Phil shrugs, cries afresh.

‘Would you like me to look after him for a day? A whole day?’

Phil sniffs, pulls himself together. ‘I’ll be fine,’ he says.

And I wish I believed him.

Chapter 9

I’m having what the French call
jamais vu
. The opposite of the
déjà
variety.

It’s a sense of unfamiliarity around a situation you know you have experienced before. And it’s weird.

Ivy is asleep with her head in my lap. The chicken caesar dishes are in the sink. There’s a romantic comedy on the TV. The difference, I suppose, is that this is now my home.
Our
home.

I found tenants for my Brixton flat two days after I advertised for them. They moved in the following weekend. And just like that you are no longer a bachelor living in a bachelor flat in
Brixton. You are a father-to-be, living in a slightly feminine flat in Wimbledon Village.

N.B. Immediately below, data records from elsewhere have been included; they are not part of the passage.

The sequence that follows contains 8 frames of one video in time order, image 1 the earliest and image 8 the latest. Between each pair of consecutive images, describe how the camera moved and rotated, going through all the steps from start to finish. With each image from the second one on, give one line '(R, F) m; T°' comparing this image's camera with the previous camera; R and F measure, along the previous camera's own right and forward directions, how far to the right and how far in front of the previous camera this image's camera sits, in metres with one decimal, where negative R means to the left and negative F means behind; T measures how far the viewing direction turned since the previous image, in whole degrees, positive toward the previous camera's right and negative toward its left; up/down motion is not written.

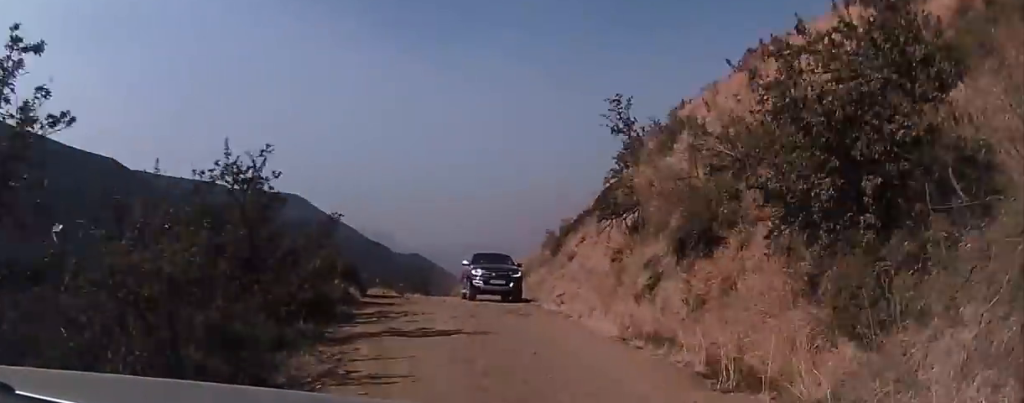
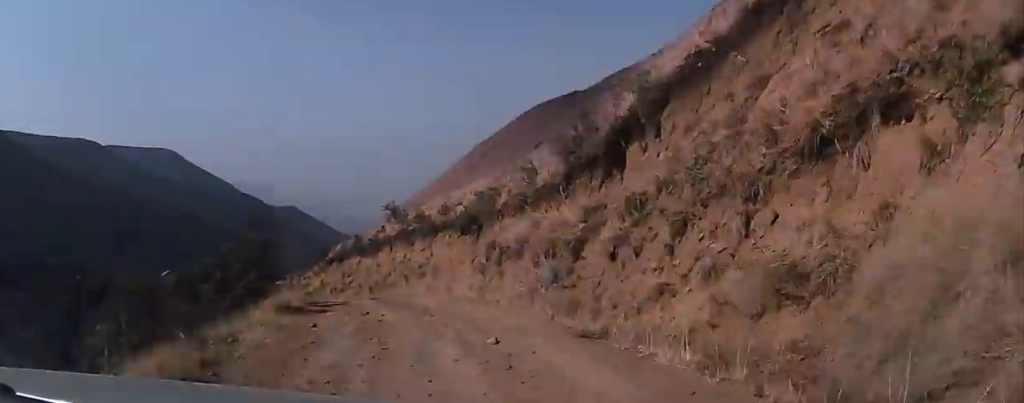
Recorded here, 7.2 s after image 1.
(+0.6, +33.7) m; -4°
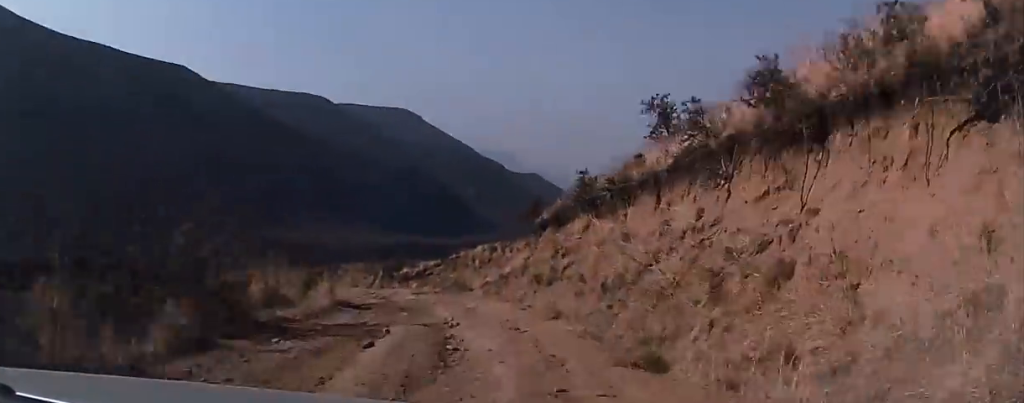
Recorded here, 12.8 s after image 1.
(-1.5, +24.2) m; -7°
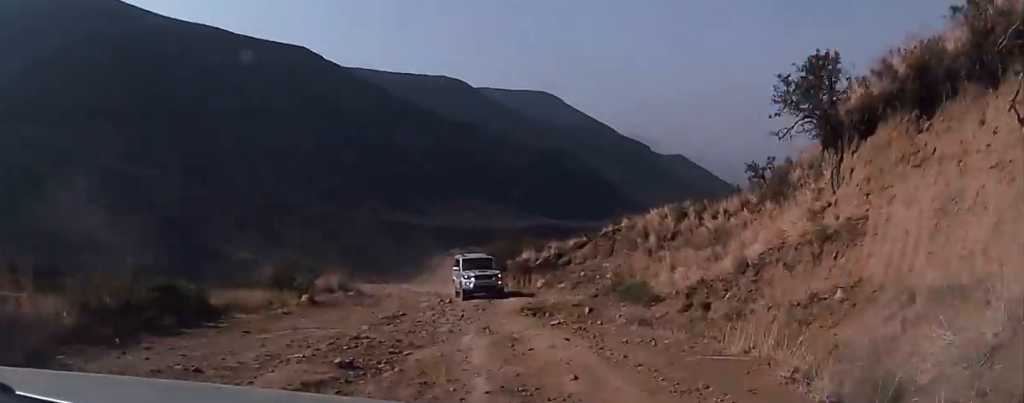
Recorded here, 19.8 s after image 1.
(-2.6, +27.2) m; -11°
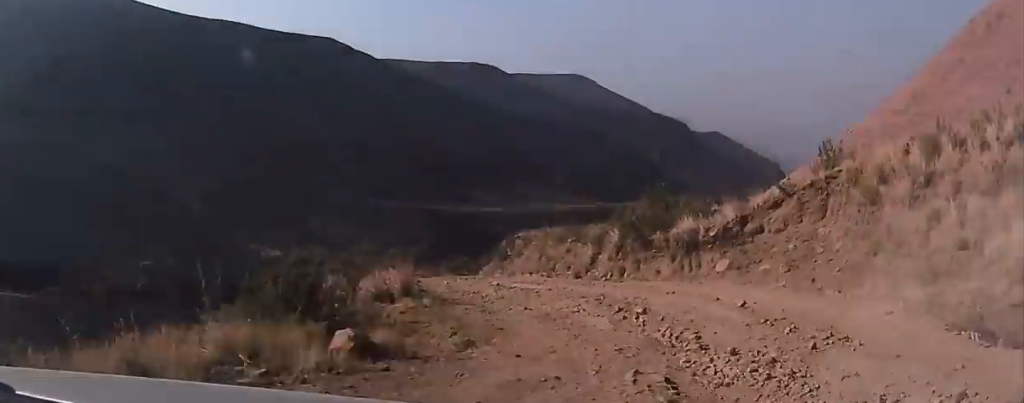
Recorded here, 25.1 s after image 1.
(-0.9, +19.1) m; -7°
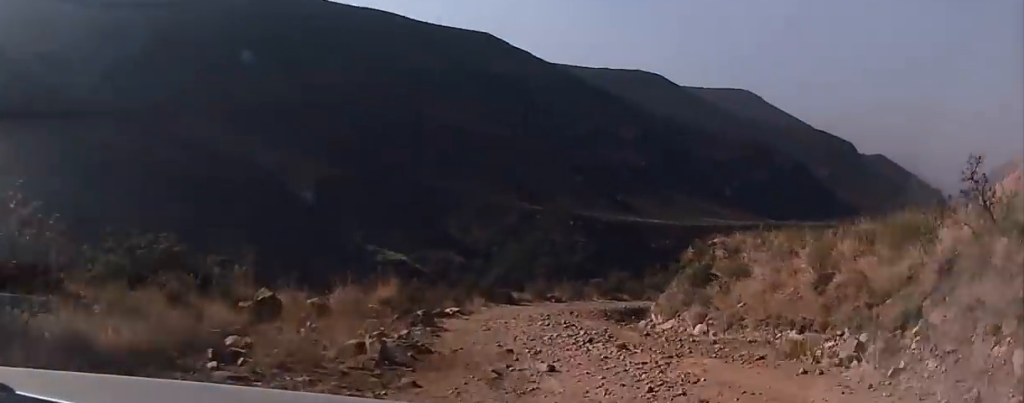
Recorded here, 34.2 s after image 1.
(-2.7, +28.8) m; -4°
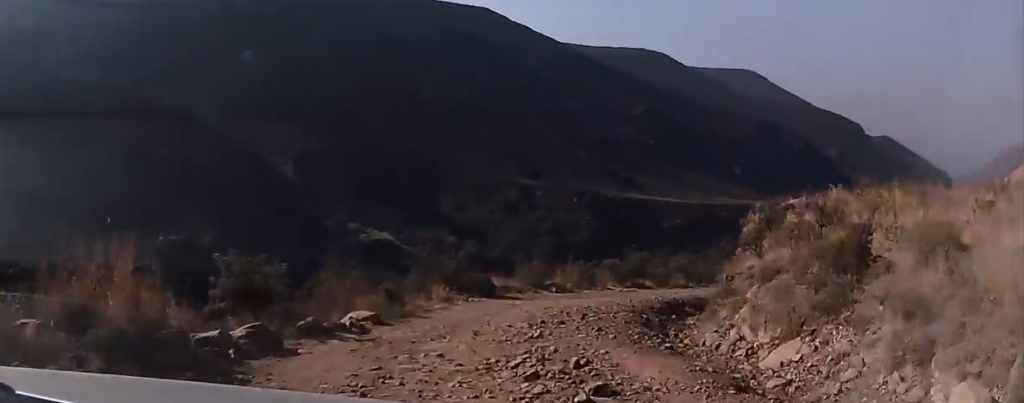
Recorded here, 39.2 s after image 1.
(-0.5, +15.6) m; +6°
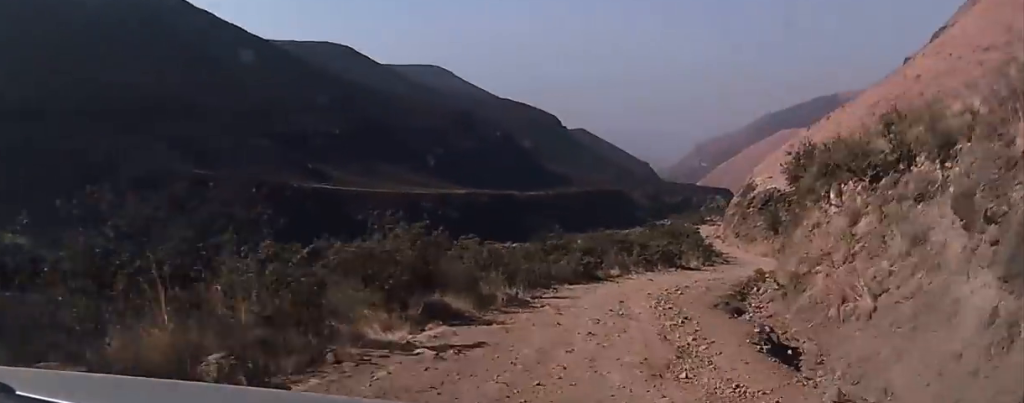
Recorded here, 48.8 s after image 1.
(+4.5, +30.2) m; +23°

I run on a common now, instead of in a park; I buy my groceries in a Waitrose rather than a Sainsbury’s; the sweet 63-year-old lady downstairs has been replaced with a surly 14-year-old
git. Instead of a James Bond poster in my bedroom, there is a Frida Kahlo print in the bathroom.

Everything has changed, but nothing really has.

Esther and Nino helped with the move. Well, Nino helped with the move; Esther sat on the sofa drinking tea with Ivy. And when we’d finished, Nino cooked pizza and we ate dinner together.
Ivy, very obviously, wasn’t drinking. Esther made a comment about Wimbledon being a lovely area to raise children, but instead of acknowledging the comment I asked about her own children.
Esther told the story of giving birth to her first son in her own bed (‘destroyed the mattress’) in the flat she still lives in forty years later. She cried and told Ivy to look after
me for her, Ivy cried, I came close. And thank God for Nino’s silent stoicism. Esther continued to get good and drunk, thanked Nino endlessly for living in a foreign country so she
didn’t have to. ‘Your turn now,’ he told her, and then Esther cried again at the thought of leaving London and all its memories behind.

In tonight’s movie the love-struck couple embark on a two-minute montage of perfect dates: lobster, Ferris wheel, opera, cinema, jet skis. All the things Ivy and I haven’t done.
Instead of cartwheeling across a beach at sunset, we’ve leapfrogged the romance and gone straight to starting a family and passing out in front of the telly.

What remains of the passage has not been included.